Sentiment Analysis using Logistic Regression
Authors: George B. Aliman, Tanya Faye S. Nivera, Jensine Charmille A. Olazo, Daisy Jane P. Ramos, Chris Danielle B. Sanchez, Timothy M. Amado, Nilo M. Arago, Romeo L. Jorda Jr.,Glenn C. Virrey, Ira C. Valenzuela
Abstract
This paper proposed a study that will assess different machine learning techniques in classifying tweets. There are four machine learning techniques that will be subjected to testing using same set of data namely: Naive Bayes, Linear Support Vector Classifier, Stochastic Gradient Descent Classifier and Logistic Regression. It is always a challenge to identify which machine learning model will give the most efficient performance in sentiment analysis.
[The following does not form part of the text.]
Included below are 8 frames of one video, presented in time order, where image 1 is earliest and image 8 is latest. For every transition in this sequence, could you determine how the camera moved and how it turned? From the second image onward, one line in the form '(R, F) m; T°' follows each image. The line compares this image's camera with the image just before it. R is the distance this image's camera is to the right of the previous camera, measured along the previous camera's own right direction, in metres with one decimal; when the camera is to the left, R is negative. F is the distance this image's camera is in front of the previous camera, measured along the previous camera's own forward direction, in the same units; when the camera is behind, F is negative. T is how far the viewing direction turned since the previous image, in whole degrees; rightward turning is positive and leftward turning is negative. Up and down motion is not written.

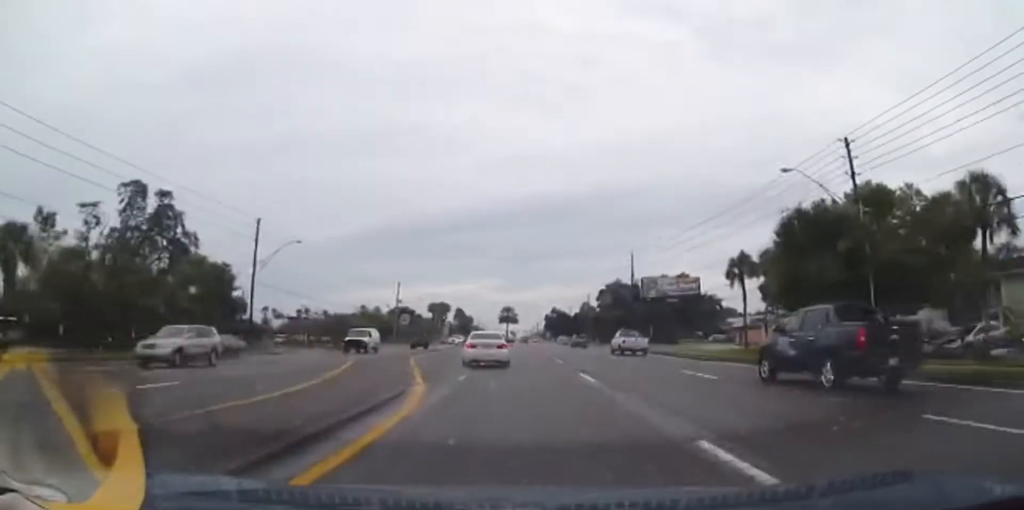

The main objective of this paper is to find the best machine learning technique for the sentiment analysis in English, Filipino and Taglish languages. The said models will be integrated to Twitter’s API for the collection of twitter data which will be subjected to data preprocessing to make the tweets analyzable and then feature extraction was done using Natural Language Processing. The performance scores of each machine learning algorithm has been computed. The four algorithms: Support Vector Classifier, Stochastic Gradient Descent, Naive Bayes and Logistic Regression were used for machine learning with an accuracy of 69%, 71%, 77%, and 81% respectively. The Logistic Regression Model has the highest accuracy and best fitted algorithm for prediction of potential mental health crisis tweets.